Безумнее ее глаз я еще не видел. Они говорили мне о моей несправедливости к ней, мне стало неприятно. Но в моем мире не было места ни для кого, кроме одной.
– Я женюсь на эшкирской женщине скорее, чем возьму эту кобылу, – сказал я.
И я пошел прочь от костра Финнука, и снова позади меня царило молчание, только потрескивал огонь.
После этого я пошел к Котте. Она встретила меня у полога.

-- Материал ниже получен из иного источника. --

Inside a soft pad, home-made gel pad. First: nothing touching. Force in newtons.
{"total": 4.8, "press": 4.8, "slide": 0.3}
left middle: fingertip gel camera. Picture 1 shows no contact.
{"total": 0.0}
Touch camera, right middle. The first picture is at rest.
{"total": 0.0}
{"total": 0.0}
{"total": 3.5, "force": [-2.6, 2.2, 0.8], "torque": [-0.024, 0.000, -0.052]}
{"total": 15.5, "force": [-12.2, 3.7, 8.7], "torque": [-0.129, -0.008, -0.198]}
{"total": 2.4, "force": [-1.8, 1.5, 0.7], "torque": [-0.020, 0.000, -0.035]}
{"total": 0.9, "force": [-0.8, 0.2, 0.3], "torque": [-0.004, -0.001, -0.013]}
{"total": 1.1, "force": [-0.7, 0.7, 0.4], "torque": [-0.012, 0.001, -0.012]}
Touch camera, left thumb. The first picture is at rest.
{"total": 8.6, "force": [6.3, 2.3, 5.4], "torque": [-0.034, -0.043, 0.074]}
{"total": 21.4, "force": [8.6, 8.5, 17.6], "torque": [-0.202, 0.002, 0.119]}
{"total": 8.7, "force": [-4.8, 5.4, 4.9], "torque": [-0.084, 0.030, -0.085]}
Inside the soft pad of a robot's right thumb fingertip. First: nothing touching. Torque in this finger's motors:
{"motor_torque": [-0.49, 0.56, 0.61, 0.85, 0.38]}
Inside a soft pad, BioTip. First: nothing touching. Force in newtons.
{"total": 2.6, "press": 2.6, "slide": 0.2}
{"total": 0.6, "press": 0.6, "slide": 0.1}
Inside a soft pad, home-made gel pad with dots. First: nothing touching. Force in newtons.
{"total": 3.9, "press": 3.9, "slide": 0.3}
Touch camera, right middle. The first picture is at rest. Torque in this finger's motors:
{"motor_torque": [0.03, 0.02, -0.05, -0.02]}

– Я пришел за эшкирянкой, – сказал я.
– Неужели, воин? – сказала Котта. – Я обработала рану, но у нее жар, у твоей рабыни. Если ты возьмешь ее в свою палатку и ляжешь с ней, ты ее убьешь. Городские женщины по большей части несильные, и она не выдержит этого.
– Тогда я не лягу с ней, – сказал я. – Пусть остается здесь.

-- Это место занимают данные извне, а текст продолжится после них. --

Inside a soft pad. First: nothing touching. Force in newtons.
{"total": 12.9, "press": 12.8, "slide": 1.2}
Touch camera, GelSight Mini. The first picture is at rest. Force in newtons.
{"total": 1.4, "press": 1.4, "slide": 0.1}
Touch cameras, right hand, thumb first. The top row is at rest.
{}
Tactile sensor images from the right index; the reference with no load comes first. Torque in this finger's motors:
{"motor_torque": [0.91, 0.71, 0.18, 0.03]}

Слепые глаза Котты, которые, казалось, все видят, нервировали меня.
– Это новая болезнь, – сказала она. Но когда я нырнул в палатку, она добавила:
– Тафра еще не видела своего сына сегодня вечером, я думаю. – С Тафрой будет ее муж, – ответил я. – Я пойду завтра.
В палатке целительницы стоял сумрак, темный дымный свет. Демиздор лежала на коврах, голова ее была отвернута от меня. Я увидел, что она без маски; только легкая кисея ее светлых волос скрывала лицо. Сердце у меня так забилось, что палатка запрыгала перед глазами. Но я подошел к ней спокойно.
– Демиздор, – сказал я, – я отвел эту женщину назад к ее отцу. Другие мои жены не обидят тебя. А когда закончится время битв, и мы придем на летнюю стоянку, я женюсь на тебе. Ты будешь моей первой женой вместо Чулы. Очень тихо она спросила:
– Смогу ли я вынести эту ни с чем не сравнимую честь?
Под цветком все еще была гадюка, как я убедился. Я не ответил. Я приподнял пелену белокурого шелка с ее щек и нежно повернул ее лицо к себе. Ресницы ее дрогнули, как во сне; она ни за что не хотела смотреть на меня.
– Ты будешь носить городскую маску, – сказал я. – Не серебряного оленя, та у другой. У меня есть лучше, серебряная рысь с янтарными украшениями для волос. И я достану для тебя тонкой ткани у моуи. Она будет лучше для твоей кожи.
– Почему ты утруждаешь себя ухаживаниями за мной, воин? – проговорила она. – Я твоя собственность. Ты можешь использовать меня в любое время, как пожелаешь.
И тогда, я не мог бы объяснить как, но я понял – может быть, по ее глазам или тону, который не был холодным и резким, как раньше, – что она в тех же сетях, что и я.
Я наклонился и поцеловал ее. Несмотря на болезнь, губы у нее были прохладные и свежие. Она схватила мои руки и прижала меня к себе. Я никогда не мог представить себе, что нечто подобное может сделать меня счастливым.
Однако когда я отпустил ее, она отвернулась от меня и снова спрятала свое лицо, шепча на своем языке, который я не мог больше понимать. Ее любовь ко мне, должно быть, бродила в ней уже какое-то время, превратившись против ее воли в вино, которое я только что попробовал. Тогда мне не пришло в голову, что ей стыдно смотреть мне в лицо, что она может считать унизительным для своей крови и гордости и даже сомневаться, в своем ли она уме, если страстно желает того, на кого ее род плюет.